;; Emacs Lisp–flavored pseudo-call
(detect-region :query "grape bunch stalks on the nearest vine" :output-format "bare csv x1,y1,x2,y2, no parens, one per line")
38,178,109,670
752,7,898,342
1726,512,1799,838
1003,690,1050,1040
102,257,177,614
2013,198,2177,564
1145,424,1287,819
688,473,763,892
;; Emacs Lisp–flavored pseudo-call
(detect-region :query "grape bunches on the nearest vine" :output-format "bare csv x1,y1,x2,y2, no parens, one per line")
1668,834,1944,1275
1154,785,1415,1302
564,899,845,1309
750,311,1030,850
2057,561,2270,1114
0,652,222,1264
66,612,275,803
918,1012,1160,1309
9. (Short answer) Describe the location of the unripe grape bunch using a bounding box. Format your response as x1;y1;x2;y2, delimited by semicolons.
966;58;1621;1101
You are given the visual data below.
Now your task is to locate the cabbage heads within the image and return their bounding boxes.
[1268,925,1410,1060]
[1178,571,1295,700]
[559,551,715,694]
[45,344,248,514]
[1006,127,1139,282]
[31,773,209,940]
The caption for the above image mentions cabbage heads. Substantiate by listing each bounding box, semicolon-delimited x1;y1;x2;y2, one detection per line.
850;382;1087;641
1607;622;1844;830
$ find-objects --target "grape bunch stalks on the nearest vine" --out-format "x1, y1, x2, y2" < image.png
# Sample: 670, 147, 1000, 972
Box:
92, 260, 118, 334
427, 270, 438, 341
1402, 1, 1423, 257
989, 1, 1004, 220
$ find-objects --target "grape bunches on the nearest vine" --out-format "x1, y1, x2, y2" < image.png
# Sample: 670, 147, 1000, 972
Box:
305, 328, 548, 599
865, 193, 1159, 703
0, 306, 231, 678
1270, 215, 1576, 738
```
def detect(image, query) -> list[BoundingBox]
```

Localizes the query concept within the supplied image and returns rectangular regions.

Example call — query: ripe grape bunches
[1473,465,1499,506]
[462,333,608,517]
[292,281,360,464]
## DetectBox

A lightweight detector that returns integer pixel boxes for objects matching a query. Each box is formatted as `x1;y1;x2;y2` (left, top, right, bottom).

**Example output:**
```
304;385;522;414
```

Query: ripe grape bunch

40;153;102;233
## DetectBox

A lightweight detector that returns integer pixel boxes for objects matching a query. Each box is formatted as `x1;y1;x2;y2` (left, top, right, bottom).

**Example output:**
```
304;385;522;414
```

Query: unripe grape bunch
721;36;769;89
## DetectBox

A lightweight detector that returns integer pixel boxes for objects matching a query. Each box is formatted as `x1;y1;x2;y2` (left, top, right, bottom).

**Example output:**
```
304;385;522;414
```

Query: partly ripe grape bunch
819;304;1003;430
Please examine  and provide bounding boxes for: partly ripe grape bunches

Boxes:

━━━

Starting from the line that contains "You are given the visual data below.", give again every line to the last line of the data, exactly. Include nothing else.

# REPLY TO THE TASK:
You are given the visual data below.
Now your task is to locate the cabbage heads within the image and return their bounding boxes.
[1268,925,1410,1060]
[1178,571,1295,700]
[559,551,715,694]
[45,344,248,514]
[1006,127,1139,282]
[31,773,209,940]
The caption for the above image mentions cabbage heads. Substantiate by listing each bounding box, semicolon-delimited x1;y1;x2;y2, one detection per line.
850;382;1087;641
1607;622;1844;830
$ find-objects --target "grape bunch stalks on the nearest vine" --out-format "x1, y1, x2, y2" < image.png
# Sample: 670, 147, 1000, 972
Box:
92, 260, 118, 334
427, 270, 438, 341
1402, 1, 1423, 257
989, 1, 1004, 220
$ find-objects --target "grape bunches on the nearest vine" --out-format "x1, y1, x2, y2" < image.png
# Sample: 670, 147, 1000, 972
Box:
305, 328, 548, 599
865, 193, 1159, 703
0, 306, 231, 678
1270, 215, 1576, 738
```
def detect(image, query) -> list[BoundingBox]
```

Localizes the query concept within the supplied image and returns rectangular regions.

Example call — query: ripe grape bunches
[1473,465,1499,506]
[462,333,608,517]
[292,281,360,464]
## DetectBox

A lightweight detector that returns integer pixel boxes for objects matching a query. Each box is formatted as `x1;y1;x2;y2` (left, top, right, bottom).

**Example output:**
```
304;385;522;414
```

Query: ripe grape bunch

40;153;102;233
## DetectBox

A lightweight detector that returns integer pixel boxes for objects matching a query. Each box is formatted as `x1;y1;x2;y2` (left, top, right, bottom).

**Example output:**
```
304;385;522;414
```

Query: unripe grape bunch
721;36;769;89
## DetectBox

A lightweight detector that returns integer pixel boxes for objects matching a query. Each box is formatted as `x1;y1;x2;y2` (left, top, right, bottom).

**Example output:**
```
304;385;522;414
```

Query: partly ripe grape bunch
819;304;1003;430
Please examine  and provide bounding boxes for: partly ripe grape bunches

Boxes:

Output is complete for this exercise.